Background to the case

Mr Aldeen’s prosecution is part of a targeted, repressive move against rescue NGOs in the EU. In recent years, especially since the outbreak of the “refugee crisis” in 2015, the EU environment surrounding sea rescue has become increasingly harsh and restrictive. This has included amendments to various laws in several Member States, including Greece, which has seen the introduction of additional registration and reporting formalities; instances of harassment and police intimidation; undue arrest and detention; and public smear campaigns in the press and social media. This has made it increasingly difficult for rescue NGOs to operate at sea, to the point that there are no longer any civil society organisations actively and publicly pursuing maritime rescue in Greece. This application, therefore, bears the potential of restoring the confidence of human rights defenders in the Mediterranean basin that their work will not result in criminalization.


Since arriving in Greece, after the body of Alan Kurdi was washed ashore in September 2015, Mr Salam Kamal-Aldeen has worked to promote the rights of refugees on Lesbos. With Team Humanity, he has routinely contributed to operational efforts by the Hellenic Coast Guard (HCG), participating in over 150 missions, rescuing up to 200 persons a day.

Although their cooperation ran smoothly until January 2016, things changed on January 14th when, around 2:30 am, the applicant received a message about a boat in distress carrying asylum-seekers in the area near the Mytilene airport. No coordinates were provided. He immediately reached out to his crew and prepared to deliver assistance, notifying the HCG. The aim was to locate the boat in distress and remain nearby until the HCG arrived; they would intervene only in case of imminent danger. Not knowing the exact location of the shipwreck, they spent some time searching. Unable to locate any boat within Greek territorial waters, they finally decided to change course and return towards Lesbos.
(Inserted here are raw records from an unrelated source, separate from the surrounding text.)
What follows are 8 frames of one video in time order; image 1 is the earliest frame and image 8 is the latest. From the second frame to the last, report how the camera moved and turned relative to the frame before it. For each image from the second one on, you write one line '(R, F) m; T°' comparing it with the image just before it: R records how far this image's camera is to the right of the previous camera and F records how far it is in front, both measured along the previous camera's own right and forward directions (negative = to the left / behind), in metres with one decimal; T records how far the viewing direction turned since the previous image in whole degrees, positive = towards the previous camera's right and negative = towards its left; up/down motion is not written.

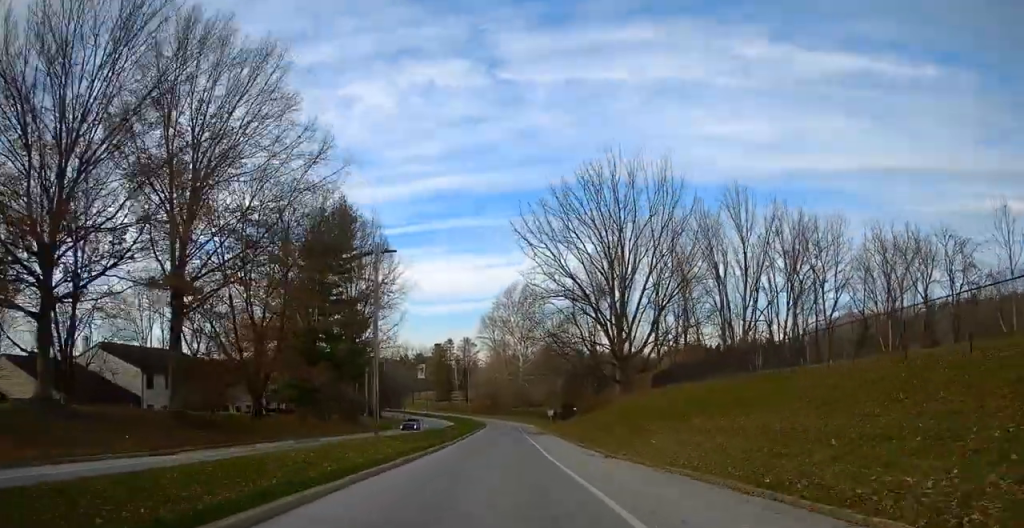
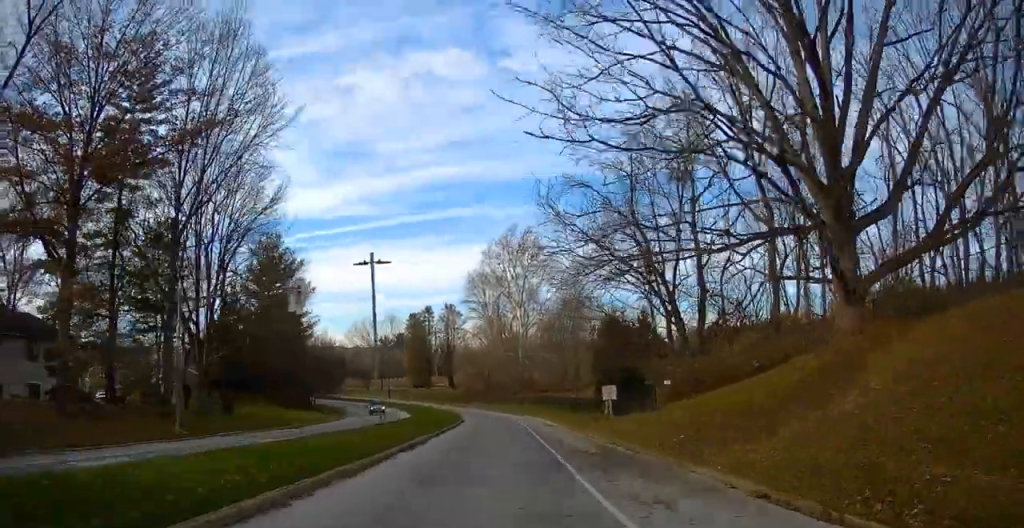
(+0.4, +43.9) m; +1°
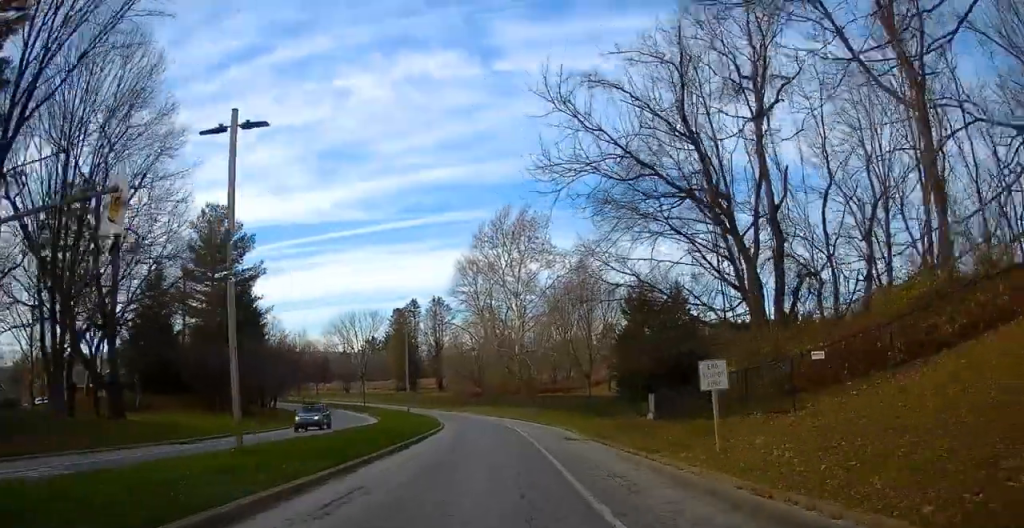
(-0.1, +15.5) m; +7°
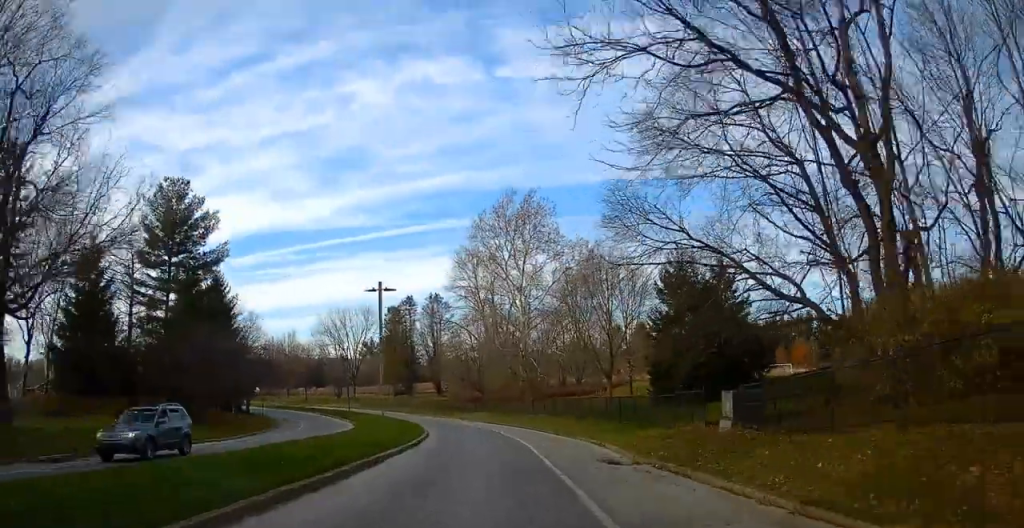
(+0.5, +10.0) m; +1°
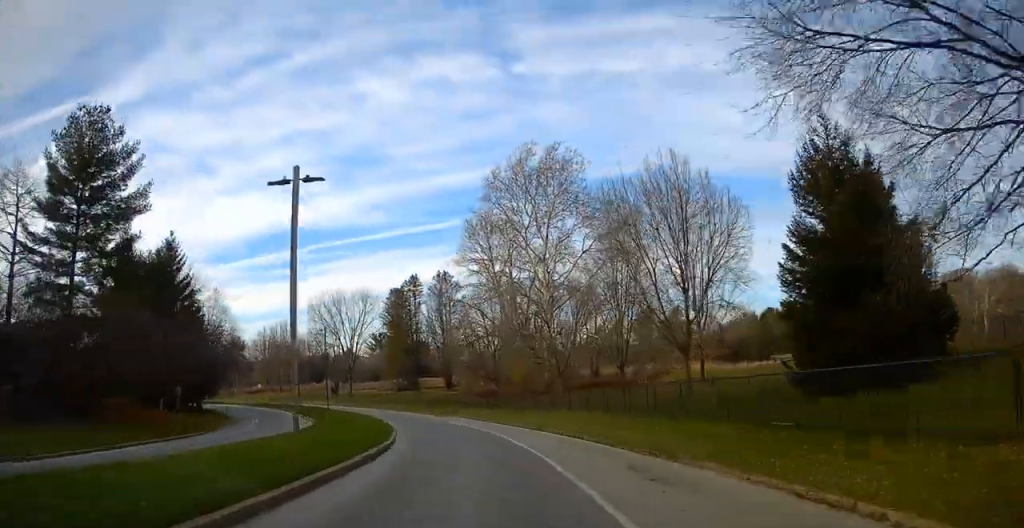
(-0.5, +15.6) m; -13°
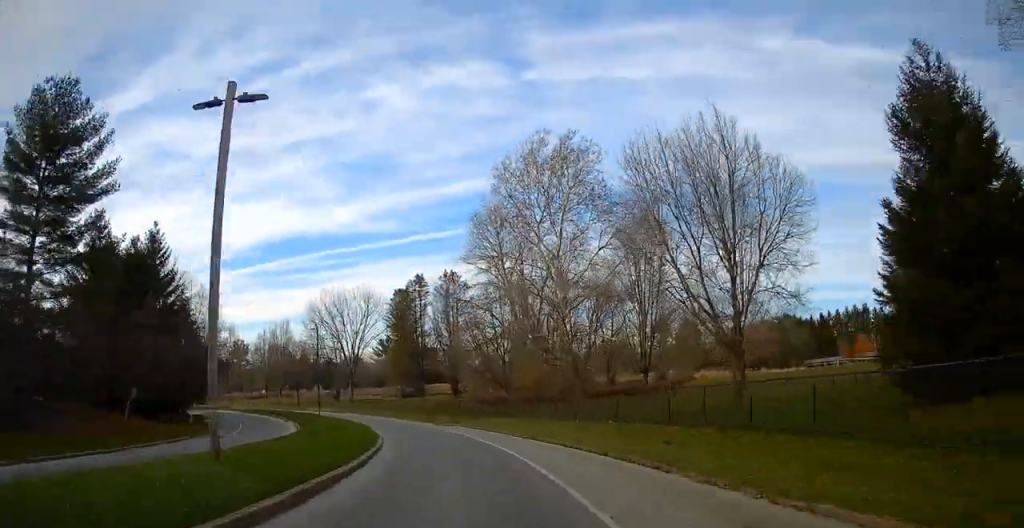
(-1.7, +6.1) m; -5°
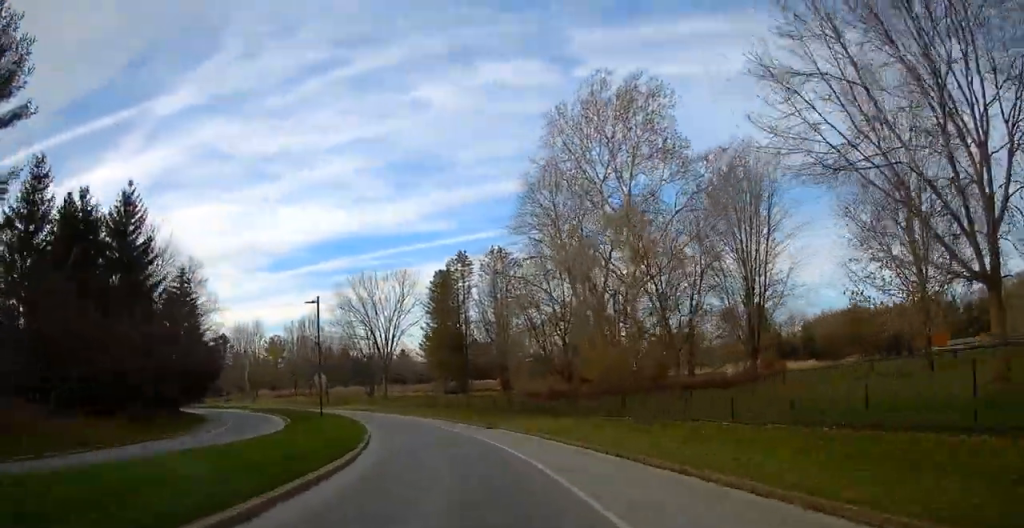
(+0.8, +14.7) m; +2°
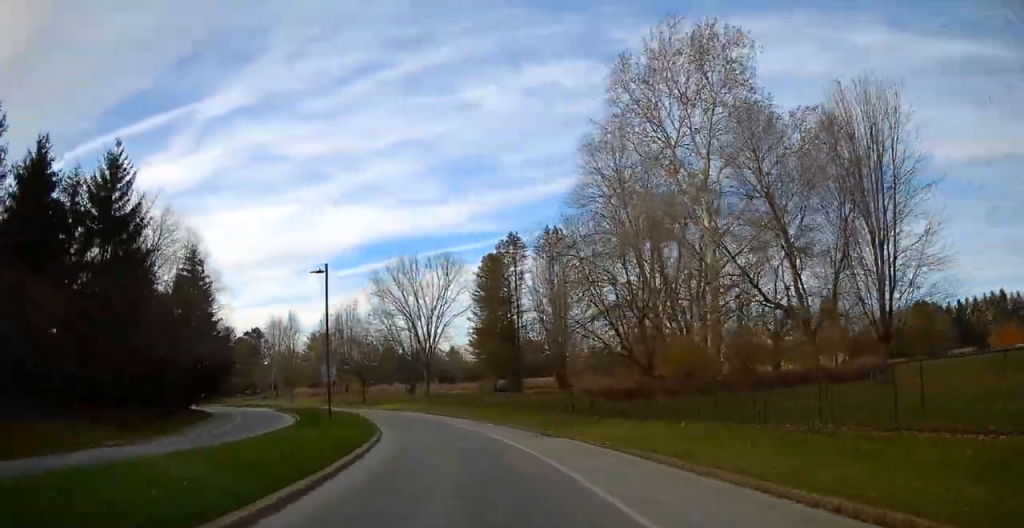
(-0.1, +10.1) m; -2°

Meanwhile, the HCG had been informed of the presence of adrift boats with migrants at 1:05 am and had given an order to one of its vessels for a rescue operation. The HCG vessel located two adrift boats within Turkish territorial waters at 1:50 and 1:55 am, notified the Central HCG and remained nearby until the boats were retrieved by the Turkish Coast Guard (TCG). The third adrift boat was located at 2:00 am within Turkish territorial waters and was also recovered by the TCG. Around 3:10 am, the HCG located the Team Humanity boat and escorted it back to port, where the applicant and the rest of the crew were arrested. They were accused of attempted migrant smuggling.

On 16 January 2016, the Investigating Judge confirmed the charge, in its aggravated form, on the basis of the applicant “having decided to commit”, jointly with the other defendants, “with decision and intent” and “as a repeated crime”, the felony of illegal transport of irregular migrants into Greek territory without authorisation in the degree of tentative, frustrated only by the intervention of the HCG. No proof was adduced, the Judge referring to their use of “rescue as a pretext” to perpetrate the crime. In addition, several, equally unwarranted, restrictive measures were imposed on the applicant, while the boat and the rescue equipment on board were confiscated.

Although the Court of Appeal acquitted the applicant in May 2018, the moral and material damage he has endured and continues to experience through the ordeal he was put through for more than 2 years, and for which the Greek authorities are responsible, has not been remedied.